Keita completes more through passes per 90 than any other Liverpool player, and he places behind only Trent Alexander-Arnold for shot assists per 90. Oxlade-Chamberlain, similarly, places fourth in the squad for completed passes into the penalty box, and third for dribbles attempted per 90.

Keita registers an assist against Bournemouth by playing a through pass to Mohamed Salah

Those are generally positive numbers, but is it possible for a team to almost become too offensive?

The infamous front three at Anfield already take plenty of risks in possession, as do Klopp's two full-backs - Alexander-Arnold and Andy Robertson Henderson and Wijnaldum seem to prioritise balance and control in the centre of the park, but once those are replaced by Oxlade-Chamberlain and his Guinean teammate - the Reds become more threatening and as a result, more chaotic.

Henderson and Wijnaldum protect against counter-attacks by sitting deep and allowing teammates to attack

As a consequence of the two midfield men essentially trying to execute more daring things - possession is lost more often, turnovers happen with greater frequency, and Liverpool own their environment less so than normal.
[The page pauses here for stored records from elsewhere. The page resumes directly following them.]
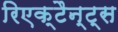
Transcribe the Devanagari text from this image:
रिएक्टैन्ट्स
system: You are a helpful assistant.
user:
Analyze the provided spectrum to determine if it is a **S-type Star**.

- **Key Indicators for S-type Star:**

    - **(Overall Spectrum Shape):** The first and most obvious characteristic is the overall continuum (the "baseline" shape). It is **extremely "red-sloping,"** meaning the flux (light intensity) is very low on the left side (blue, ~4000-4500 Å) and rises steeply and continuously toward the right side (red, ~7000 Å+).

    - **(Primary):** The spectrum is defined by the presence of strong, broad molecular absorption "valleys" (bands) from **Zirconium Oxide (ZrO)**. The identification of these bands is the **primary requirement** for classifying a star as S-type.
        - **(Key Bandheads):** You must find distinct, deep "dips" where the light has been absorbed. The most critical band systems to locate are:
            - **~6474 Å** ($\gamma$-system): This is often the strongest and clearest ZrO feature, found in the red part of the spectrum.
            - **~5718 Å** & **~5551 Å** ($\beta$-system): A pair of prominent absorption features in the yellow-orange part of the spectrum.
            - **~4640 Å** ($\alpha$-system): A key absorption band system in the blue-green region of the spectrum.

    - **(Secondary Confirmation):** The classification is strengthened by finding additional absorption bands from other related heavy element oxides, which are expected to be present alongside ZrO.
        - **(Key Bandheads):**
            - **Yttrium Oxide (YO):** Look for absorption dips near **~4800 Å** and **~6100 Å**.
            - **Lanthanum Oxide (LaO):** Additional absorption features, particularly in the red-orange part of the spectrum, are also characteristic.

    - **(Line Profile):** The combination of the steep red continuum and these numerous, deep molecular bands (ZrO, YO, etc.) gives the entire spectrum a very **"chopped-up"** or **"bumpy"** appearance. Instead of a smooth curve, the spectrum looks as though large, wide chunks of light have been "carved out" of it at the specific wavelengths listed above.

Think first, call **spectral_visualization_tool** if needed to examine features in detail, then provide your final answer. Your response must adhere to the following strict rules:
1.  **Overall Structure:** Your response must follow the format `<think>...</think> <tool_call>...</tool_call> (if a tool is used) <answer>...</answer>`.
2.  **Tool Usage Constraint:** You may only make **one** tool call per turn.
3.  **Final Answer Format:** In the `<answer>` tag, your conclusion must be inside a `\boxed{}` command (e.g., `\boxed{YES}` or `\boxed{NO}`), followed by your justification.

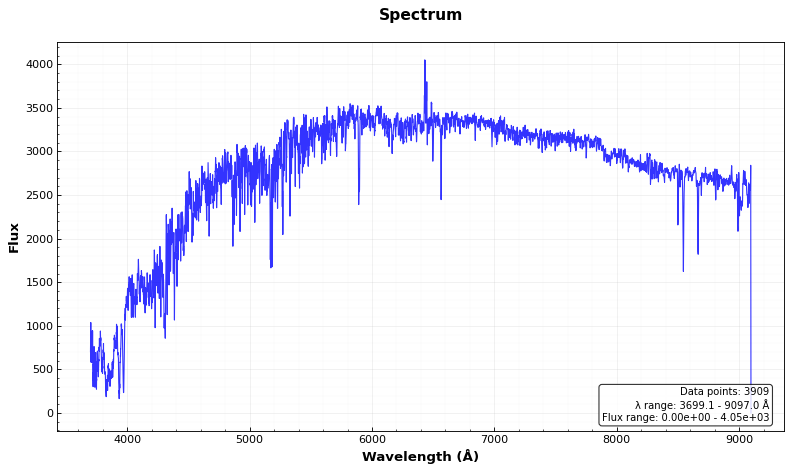
Answer: NO
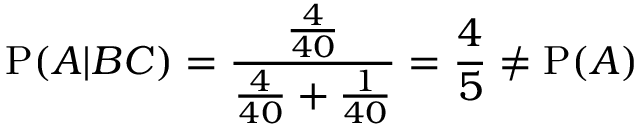
\mathrm { P } ( A | B C ) = { \frac { \frac { 4 } { 4 0 } } { { \frac { 4 } { 4 0 } } + { \frac { 1 } { 4 0 } } } } = { \frac { 4 } { 5 } } \neq \mathrm { P } ( A )
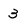
Character: 3
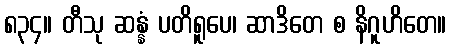
၈၃၄။ တီသု ဆန္နံ ပတိရူပေ၊ ဆာဒိတေ စ နိဂူဟိတေ။
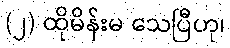
(၂) ထိုမိန်းမ သေပြီဟု၊
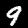
Label: 9
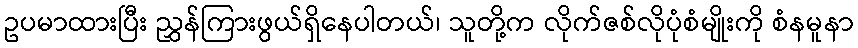
ဥပမာထားပြီး ညွှန်ကြားဖွယ်ရှိနေပါတယ်၊ သူတို့က လိုက်ဇစ်လိုပုံစံမျိုးကို စံနမူနာ
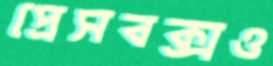
প্রেসবক্সও
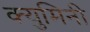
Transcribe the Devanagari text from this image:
क्युमिनी
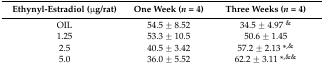
<table><thead><tr><td><b>Ethynyl-Estradiol (μg/rat)</b></td><td><b>One Week (<i>n</i> = 4)</b></td><td><b>Three Weeks (<i>n</i> = 4)</b></td></tr></thead><tbody><tr><td>OIL</td><td>54.5 ± 8.52</td><td>34.5 ± 4.97 <sup>&amp;</sup></td></tr><tr><td>1.25</td><td>53.3 ± 10.5</td><td>50.6 ± 1.45</td></tr><tr><td>2.5</td><td>40.5 ± 3.42</td><td>57.2 ± 2.13 *<sup>,&amp;</sup></td></tr><tr><td>5.0</td><td>36.0 ± 5.52</td><td>62.2 ± 3.11 *<sup>,&amp;&amp;</sup></td></tr></tbody></table>
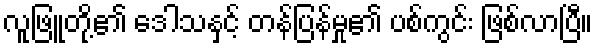
လူဖြူတို့၏ ဒေါသနှင့် တန်ပြန်မှု၏ ပစ်ကွင်း ဖြစ်လာပြီ။
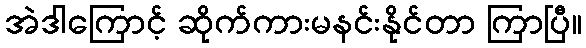
အဲဒါကြောင့် ဆိုက်ကားမနင်းနိုင်တာ ကြာပြီ။
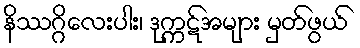
နိဿဂ္ဂိလေးပါး၊ ဒုက္ကဋ်အများ မှတ်ဖွယ်
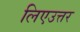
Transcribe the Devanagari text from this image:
लिएउत्तर
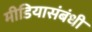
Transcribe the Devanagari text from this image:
मीडियासंबंधी
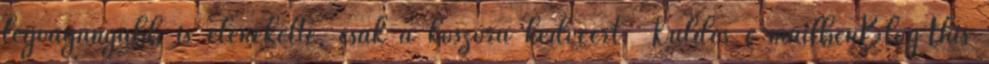
legvagányabb is elénekelte, csak a koszorú kedvéért. Küldés e-mailbenBlogThis
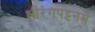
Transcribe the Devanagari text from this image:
श्रीरंगपट्टनम
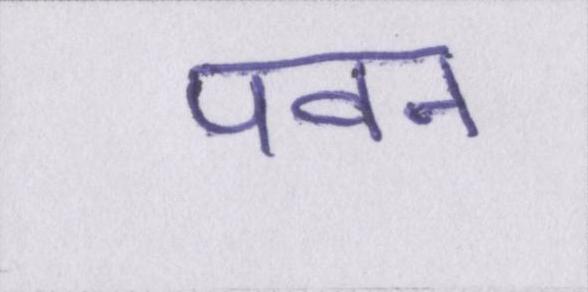
पवन
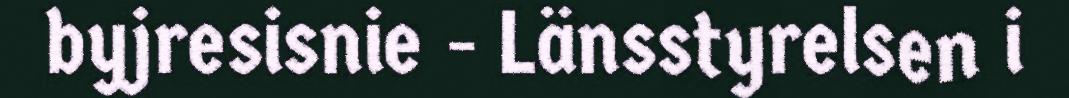
byjresisnie - Länsstyrelsen i
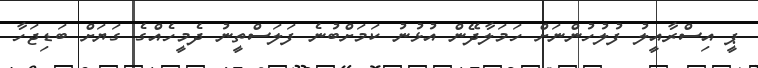
ޕީ އިސްރާއީލު ފުލުހުންނަށް ހަމަލާދޭން އުޅުނު ކަމަށްބުނެ ފަލަސްތީނު ދެމީހެއްގެ ގަޔަށް ބަޑިޖަހާ
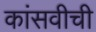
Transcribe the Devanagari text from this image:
कांसवीची
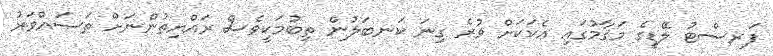
ފަރސްޓު ލޭޑީގެ މަޤާމުގައި އެކަކަށް ވުރެ ގިނަ ކަނބަލުން ތިބުމަކީވެސް ރައްޔިތުންނަށް ތަސައްވަރު
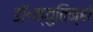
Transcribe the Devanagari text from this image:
डॉ॰क्युतिन्हो
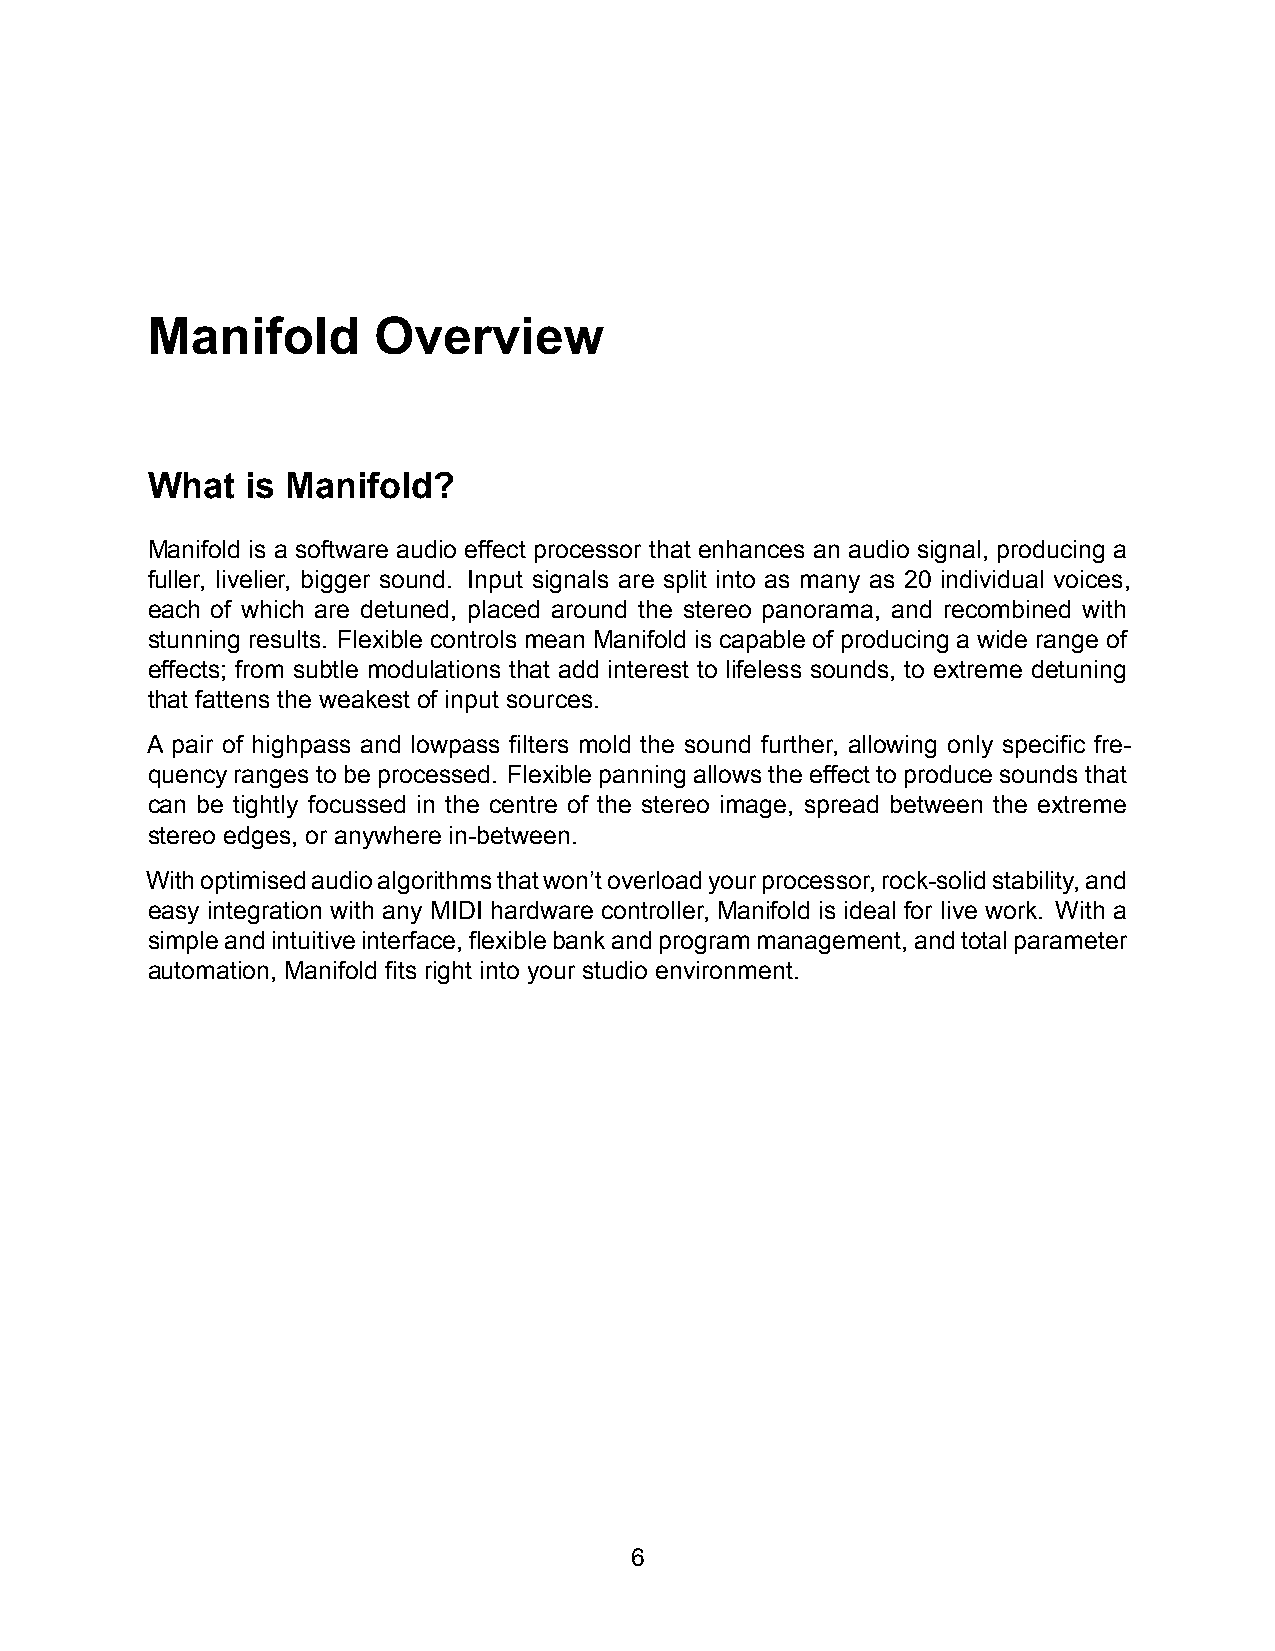
Manifold       Overview
 What  is Manifold?
 Manifold is a software audio effect processor that enhances an audio signal, producing a
 fuller, livelier, bigger sound. Input signals are split into as many as 20 individual voices,
 each of which are detuned, placed around the stereo panorama, and recombined with
 stunning results. Flexible controls mean Manifold is capable of producing a wide range of
 effects; from subtle modulations that add interest to lifeless sounds, to extreme detuning
 that fattens the weakest of input sources.
 A pair of highpass and lowpass filters mold the sound further, allowing only specific fre-
 quencyrangestobeprocessed. Flexiblepanningallowstheeffecttoproducesoundsthat
 can be tightly focussed in the centre of the stereo image, spread between the extreme
 stereo edges, or anywhere in-between.
 Withoptimisedaudioalgorithmsthatwon’toverloadyourprocessor,rock-solidstability,and
 easy integration with any MIDI hardware controller, Manifold is ideal for live work. With a
 simpleandintuitiveinterface,flexiblebankandprogrammanagement,andtotalparameter
 automation, Manifold fits right into your studio environment.
 6
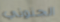
الجنوني
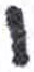
אות: ו
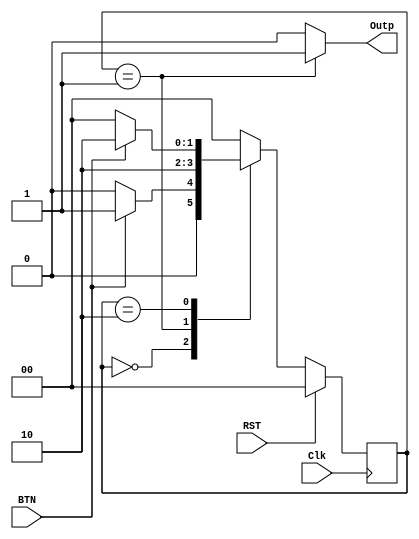
`timescale 1ns / 1ps

module BTN_sync(Clk, BTN, RST, Outp);
	input BTN, Clk, RST;
	output reg Outp;

	parameter INIT = 0, Pressed = 1, post_pres = 2;

	reg [1:0] state, state_next;

	always @(BTN, state) begin
	  // Outp <= 0;
		case (state)
			INIT: begin
				Outp <= 0;
				if (BTN == 1) begin
					state_next <= Pressed;
				end
				else state_next <= INIT;
			end
			
			Pressed: begin
				Outp <= 1;
				//if (BTN == 1) begin
				
				    state_next <= post_pres;
				//end
                //else state_next <= INIT;
			end

			post_pres: begin
				Outp <= 0;
				if (BTN == 0) begin
					state_next <= INIT;
				end
				else state_next <= post_pres;
			end
			default: begin
			     Outp <= 0;
			     state_next <= INIT;
			end
		endcase
	end

	always @(posedge Clk) begin
		if (RST == 1) begin
			state <= INIT;
		end
		else state <= state_next;
	end
endmodule

The ball spends more time in transition than usual, and there are more opportunities for counter-attacks at both ends of the pitch.

The soon-to-be Premier League champions don't become defensively weak with Keita and Oxlade-Chamberlain, but they are prone to becoming too attacking. For Liverpool to retain enough equilibrium to cope with the two in midfield long-term, they will either have to accept more regulatory roles, or the system will have to be adjusted so that others - such as the full-backs - focus on preserving stability.

Regardless, it's a relatively nice dilemma for Klopp to explore considering it stems from having too many players who want to contribute to the attacking side of Liverpool's game.